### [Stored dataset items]

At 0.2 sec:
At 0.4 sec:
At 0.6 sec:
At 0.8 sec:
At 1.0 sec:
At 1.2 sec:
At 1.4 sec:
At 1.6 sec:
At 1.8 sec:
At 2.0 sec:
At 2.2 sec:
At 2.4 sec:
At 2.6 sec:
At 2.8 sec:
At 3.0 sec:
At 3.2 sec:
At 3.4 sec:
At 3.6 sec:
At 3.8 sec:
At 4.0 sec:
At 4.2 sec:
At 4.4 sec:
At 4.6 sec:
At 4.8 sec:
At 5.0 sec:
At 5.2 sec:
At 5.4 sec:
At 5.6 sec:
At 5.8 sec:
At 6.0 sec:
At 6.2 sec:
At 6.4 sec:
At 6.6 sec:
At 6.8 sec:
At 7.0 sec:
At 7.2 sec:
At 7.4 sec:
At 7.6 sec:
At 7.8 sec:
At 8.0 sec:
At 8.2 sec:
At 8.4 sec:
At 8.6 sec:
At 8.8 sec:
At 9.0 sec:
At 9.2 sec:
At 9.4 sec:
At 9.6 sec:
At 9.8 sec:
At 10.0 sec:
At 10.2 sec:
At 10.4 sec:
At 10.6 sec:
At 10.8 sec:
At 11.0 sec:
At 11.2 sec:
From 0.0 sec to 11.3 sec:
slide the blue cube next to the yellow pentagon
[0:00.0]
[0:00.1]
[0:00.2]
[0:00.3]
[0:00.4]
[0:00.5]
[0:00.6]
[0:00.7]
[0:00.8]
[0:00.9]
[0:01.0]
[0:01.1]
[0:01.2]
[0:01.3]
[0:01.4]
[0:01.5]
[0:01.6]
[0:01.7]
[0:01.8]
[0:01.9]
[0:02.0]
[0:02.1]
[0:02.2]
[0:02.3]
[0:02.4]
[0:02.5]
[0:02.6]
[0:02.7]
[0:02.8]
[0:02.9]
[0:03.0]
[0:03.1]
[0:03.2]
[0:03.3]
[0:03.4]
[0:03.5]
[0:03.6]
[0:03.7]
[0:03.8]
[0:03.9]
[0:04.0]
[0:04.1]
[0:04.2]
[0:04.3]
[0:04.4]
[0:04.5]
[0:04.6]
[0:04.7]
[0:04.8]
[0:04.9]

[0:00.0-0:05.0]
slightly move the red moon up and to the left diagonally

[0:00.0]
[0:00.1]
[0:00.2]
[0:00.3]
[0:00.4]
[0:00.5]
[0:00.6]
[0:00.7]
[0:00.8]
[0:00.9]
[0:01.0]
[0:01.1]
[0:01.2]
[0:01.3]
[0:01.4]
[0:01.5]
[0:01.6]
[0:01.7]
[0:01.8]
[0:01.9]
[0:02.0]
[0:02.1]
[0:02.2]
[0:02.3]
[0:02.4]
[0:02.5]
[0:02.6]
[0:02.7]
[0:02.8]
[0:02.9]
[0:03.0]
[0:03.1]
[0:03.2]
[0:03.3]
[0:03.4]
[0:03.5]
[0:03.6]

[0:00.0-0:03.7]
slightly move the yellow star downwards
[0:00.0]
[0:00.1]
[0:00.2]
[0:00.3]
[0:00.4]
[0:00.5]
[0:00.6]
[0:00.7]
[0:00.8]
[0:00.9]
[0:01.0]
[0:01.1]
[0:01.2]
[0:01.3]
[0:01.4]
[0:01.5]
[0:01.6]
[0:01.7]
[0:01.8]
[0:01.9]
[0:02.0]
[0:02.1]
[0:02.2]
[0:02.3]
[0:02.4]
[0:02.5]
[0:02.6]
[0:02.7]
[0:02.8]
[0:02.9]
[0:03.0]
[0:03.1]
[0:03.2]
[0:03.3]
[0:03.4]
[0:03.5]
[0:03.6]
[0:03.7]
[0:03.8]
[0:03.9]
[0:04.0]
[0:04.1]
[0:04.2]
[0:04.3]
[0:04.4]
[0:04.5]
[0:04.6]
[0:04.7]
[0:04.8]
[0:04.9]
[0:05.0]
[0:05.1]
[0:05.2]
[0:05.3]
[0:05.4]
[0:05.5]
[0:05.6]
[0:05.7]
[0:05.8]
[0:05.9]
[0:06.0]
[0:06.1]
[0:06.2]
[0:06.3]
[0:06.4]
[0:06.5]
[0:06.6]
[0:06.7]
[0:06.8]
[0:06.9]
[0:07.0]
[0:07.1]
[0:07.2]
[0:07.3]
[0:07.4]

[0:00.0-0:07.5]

### [ASSIGNMENT]
Set all of the data down again exactly.

### [ANSWER TO THIS TASK]
At 0.2 sec:
At 0.4 sec:
At 0.6 sec:
At 0.8 sec:
At 1.0 sec:
At 1.2 sec:
At 1.4 sec:
At 1.6 sec:
At 1.8 sec:
At 2.0 sec:
At 2.2 sec:
At 2.4 sec:
At 2.6 sec:
At 2.8 sec:
At 3.0 sec:
At 3.2 sec:
At 3.4 sec:
At 3.6 sec:
At 3.8 sec:
At 4.0 sec:
At 4.2 sec:
At 4.4 sec:
At 4.6 sec:
At 4.8 sec:
At 5.0 sec:
At 5.2 sec:
At 5.4 sec:
At 5.6 sec:
At 5.8 sec:
At 6.0 sec:
At 6.2 sec:
At 6.4 sec:
At 6.6 sec:
At 6.8 sec:
At 7.0 sec:
At 7.2 sec:
At 7.4 sec:
At 7.6 sec:
At 7.8 sec:
At 8.0 sec:
At 8.2 sec:
At 8.4 sec:
At 8.6 sec:
At 8.8 sec:
At 9.0 sec:
At 9.2 sec:
At 9.4 sec:
At 9.6 sec:
At 9.8 sec:
At 10.0 sec:
At 10.2 sec:
At 10.4 sec:
At 10.6 sec:
At 10.8 sec:
At 11.0 sec:
At 11.2 sec:
From 0.0 sec to 11.3 sec:
slide the blue cube next to the yellow pentagon
[0:00.0]
[0:00.1]
[0:00.2]
[0:00.3]
[0:00.4]
[0:00.5]
[0:00.6]
[0:00.7]
[0:00.8]
[0:00.9]
[0:01.0]
[0:01.1]
[0:01.2]
[0:01.3]
[0:01.4]
[0:01.5]
[0:01.6]
[0:01.7]
[0:01.8]
[0:01.9]
[0:02.0]
[0:02.1]
[0:02.2]
[0:02.3]
[0:02.4]
[0:02.5]
[0:02.6]
[0:02.7]
[0:02.8]
[0:02.9]
[0:03.0]
[0:03.1]
[0:03.2]
[0:03.3]
[0:03.4]
[0:03.5]
[0:03.6]
[0:03.7]
[0:03.8]
[0:03.9]
[0:04.0]
[0:04.1]
[0:04.2]
[0:04.3]
[0:04.4]
[0:04.5]
[0:04.6]
[0:04.7]
[0:04.8]
[0:04.9]

[0:00.0-0:05.0]
slightly move the red moon up and to the left diagonally

[0:00.0]
[0:00.1]
[0:00.2]
[0:00.3]
[0:00.4]
[0:00.5]
[0:00.6]
[0:00.7]
[0:00.8]
[0:00.9]
[0:01.0]
[0:01.1]
[0:01.2]
[0:01.3]
[0:01.4]
[0:01.5]
[0:01.6]
[0:01.7]
[0:01.8]
[0:01.9]
[0:02.0]
[0:02.1]
[0:02.2]
[0:02.3]
[0:02.4]
[0:02.5]
[0:02.6]
[0:02.7]
[0:02.8]
[0:02.9]
[0:03.0]
[0:03.1]
[0:03.2]
[0:03.3]
[0:03.4]
[0:03.5]
[0:03.6]

[0:00.0-0:03.7]
slightly move the yellow star downwards
[0:00.0]
[0:00.1]
[0:00.2]
[0:00.3]
[0:00.4]
[0:00.5]
[0:00.6]
[0:00.7]
[0:00.8]
[0:00.9]
[0:01.0]
[0:01.1]
[0:01.2]
[0:01.3]
[0:01.4]
[0:01.5]
[0:01.6]
[0:01.7]
[0:01.8]
[0:01.9]
[0:02.0]
[0:02.1]
[0:02.2]
[0:02.3]
[0:02.4]
[0:02.5]
[0:02.6]
[0:02.7]
[0:02.8]
[0:02.9]
[0:03.0]
[0:03.1]
[0:03.2]
[0:03.3]
[0:03.4]
[0:03.5]
[0:03.6]
[0:03.7]
[0:03.8]
[0:03.9]
[0:04.0]
[0:04.1]
[0:04.2]
[0:04.3]
[0:04.4]
[0:04.5]
[0:04.6]
[0:04.7]
[0:04.8]
[0:04.9]
[0:05.0]
[0:05.1]
[0:05.2]
[0:05.3]
[0:05.4]
[0:05.5]
[0:05.6]
[0:05.7]
[0:05.8]
[0:05.9]
[0:06.0]
[0:06.1]
[0:06.2]
[0:06.3]
[0:06.4]
[0:06.5]
[0:06.6]
[0:06.7]
[0:06.8]
[0:06.9]
[0:07.0]
[0:07.1]
[0:07.2]
[0:07.3]
[0:07.4]

[0:00.0-0:07.5]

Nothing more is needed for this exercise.